» WHAT YOU NEED TO DO
In the entries below, copy only the lines from the one that contains "Character: 跣" through the last line, exactly, and omit any pictures.

Segment Open

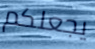
يجعلكم
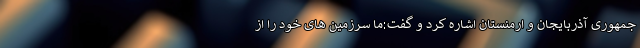
جمهوری آذربایجان و ارمنستان اشاره کرد و گفت:ما سرزمین های خود را از
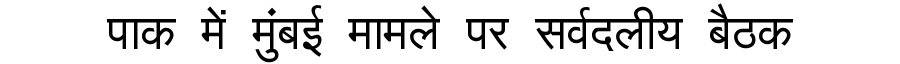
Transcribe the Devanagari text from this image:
पाक में मुंबई मामले पर सर्वदलीय बैठक
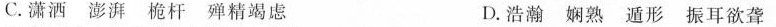
C.潇洒 澎湃 桅杆 殚精竭虑 D.浩瀚 娴熟 遁形 振耳欲聋
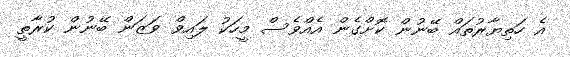
އެ ހަތިޔާރުތައް ބޭނުން ކޮށްގެން އެއްވެސް މީހަކު ލައިވް ވަޒަން ބޭނުން ކުރާތީ
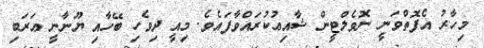
މިހާރު އެފޮތްވަނީ ނޮވެލްޓީން ޝާއިޢުކުރައްވާފައެވެ. މިއީ ދިވެހި ބޭހާއި ޔޫނާނީ ޢަރަބި
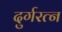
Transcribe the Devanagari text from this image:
दुर्गरत्‍न
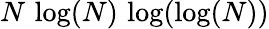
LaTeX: N\, \log(N)\, \log(\log(N))
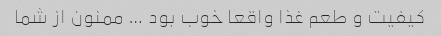
کیفیت و طعم غذا واقعا خوب بود … ممنون از شما
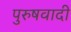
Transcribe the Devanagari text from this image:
पुरुषवादी
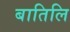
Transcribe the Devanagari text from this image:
बातिलि
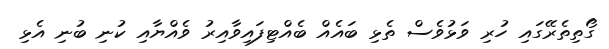
ގޯތިތެރޭގައި ހުރި ވަޅުވެސް ތެޅި ބައެއް ބެއްޓިފައިވާއިރު ވެއްޔާއި ކުނި ބުނި އެޅި
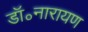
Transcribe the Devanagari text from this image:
डॉ॰नारायण
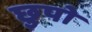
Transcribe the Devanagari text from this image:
छुपो
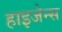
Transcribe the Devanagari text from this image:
हाइजेन्स
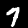
Label: 7
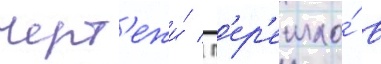
черт'ежи́ / п'ер'ешло́ в
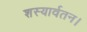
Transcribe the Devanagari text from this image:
शस्यार्वतन।
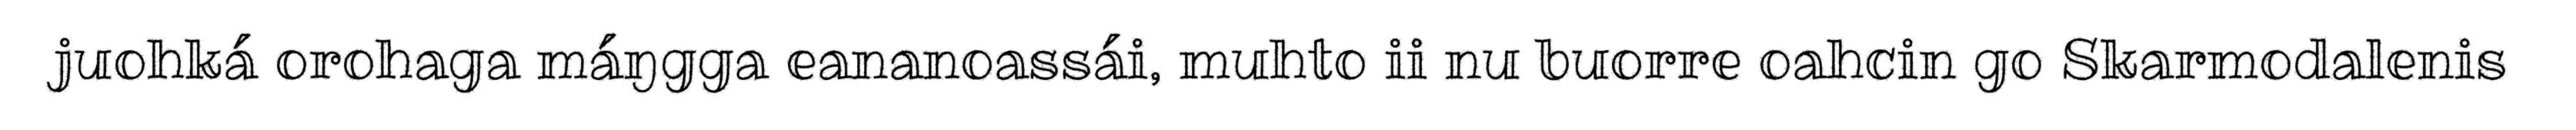
juohká orohaga máŋgga eananoassái, muhto ii nu buorre oahcin go Skarmodalenis
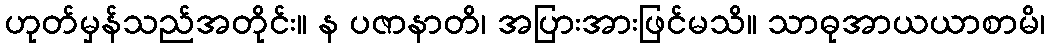
ဟုတ်မှန်သည်အတိုင်း။ န ပဇာနာတိ၊ အပြားအားဖြင်မသိ။ သာဓုအာယယာစာမိ၊
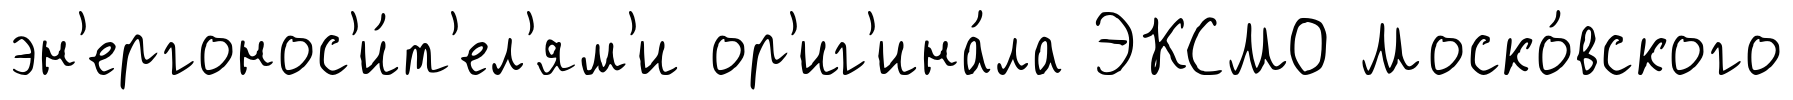
эн'ергонос'и́т'ел'ям'и ор'иг'ина́ла ЭКСМО Моско́вского
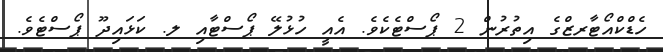
ހެޑްކްއޯޓާރޒްގެ އިތުރުން 2 ޕޯސްޓެކެވެ. އެއީ ހުޅުލޭ ޕޯސްޓާއި ލ. ކަޅައިދޫ ޕޯސްޓެވެ.
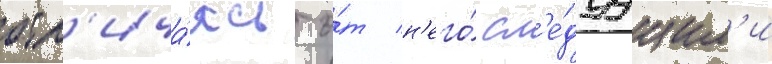
отл'ича́ясь о́т н'его́ сл'е́дуущим'и
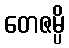
တေဇမ္ပိ
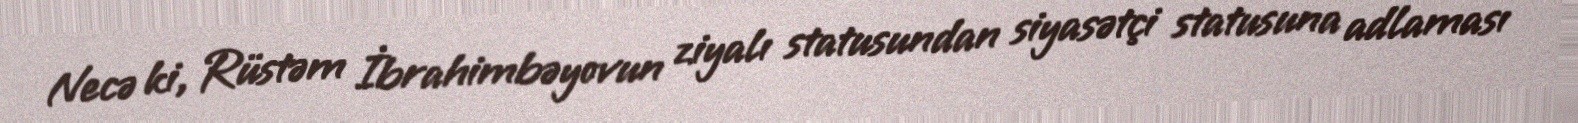
Necə ki, Rüstəm İbrahimbəyovun ziyalı statusundan siyasətçi statusuna adlaması
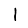
Digit: 1
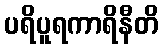
ပရိပူရကာရိနီတိ
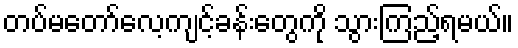
တပ်မတော်လေ့ကျင့်ခန်းတွေကို သွားကြည့်ရမယ်။
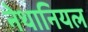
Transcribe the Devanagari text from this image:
नेथानियल
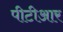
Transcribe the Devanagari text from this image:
पीटीआर
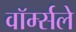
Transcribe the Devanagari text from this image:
वॉर्म्सले
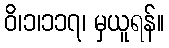
ဝိ၊၁၊၁၁၇၊ မှယူရန်။
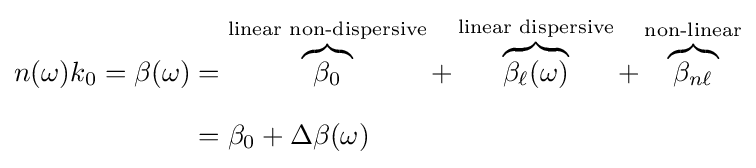
{\begin{aligned}n(\omega )k_{0}=\beta (\omega )&=\overbrace {\beta _{0}} ^{\text{linear non-dispersive}}+\overbrace {\beta _{\ell }(\omega )} ^{\text{linear dispersive}}+\overbrace {\beta _{n\ell }} ^{\text{non-linear}}\\[8pt]&=\beta _{0}+\Delta \beta (\omega )\end{aligned}}
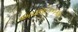
અવલોકનકાર
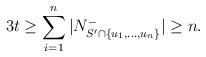
LaTeX: \begin{align*}3t\geq \sum_{i=1}^{n}|N^{-}_{S'\cap \{u_1,\dots,u_n\}}|\geq n.\end{align*}
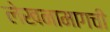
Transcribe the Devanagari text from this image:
लेखनामागची
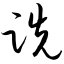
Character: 跣
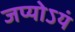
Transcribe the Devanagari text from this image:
जप्योऽयं
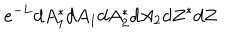
LaTeX: e ^ { - L } d A _ { 1 } ^ { * } d A _ { 1 } d A _ { 2 } ^ { * } d A _ { 2 } d Z ^ { * } d Z
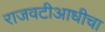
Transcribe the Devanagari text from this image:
राजवटीआधीचा
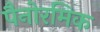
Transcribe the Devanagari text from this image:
पैनोरमिक

Segment Closed

» EXERCISE SOLUTION
Character: 跣
Transcribe the Devanagari text from this image:
जप्योऽयं
LaTeX: e ^ { - L } d A _ { 1 } ^ { * } d A _ { 1 } d A _ { 2 } ^ { * } d A _ { 2 } d Z ^ { * } d Z
Transcribe the Devanagari text from this image:
राजवटीआधीचा
Transcribe the Devanagari text from this image:
पैनोरमिक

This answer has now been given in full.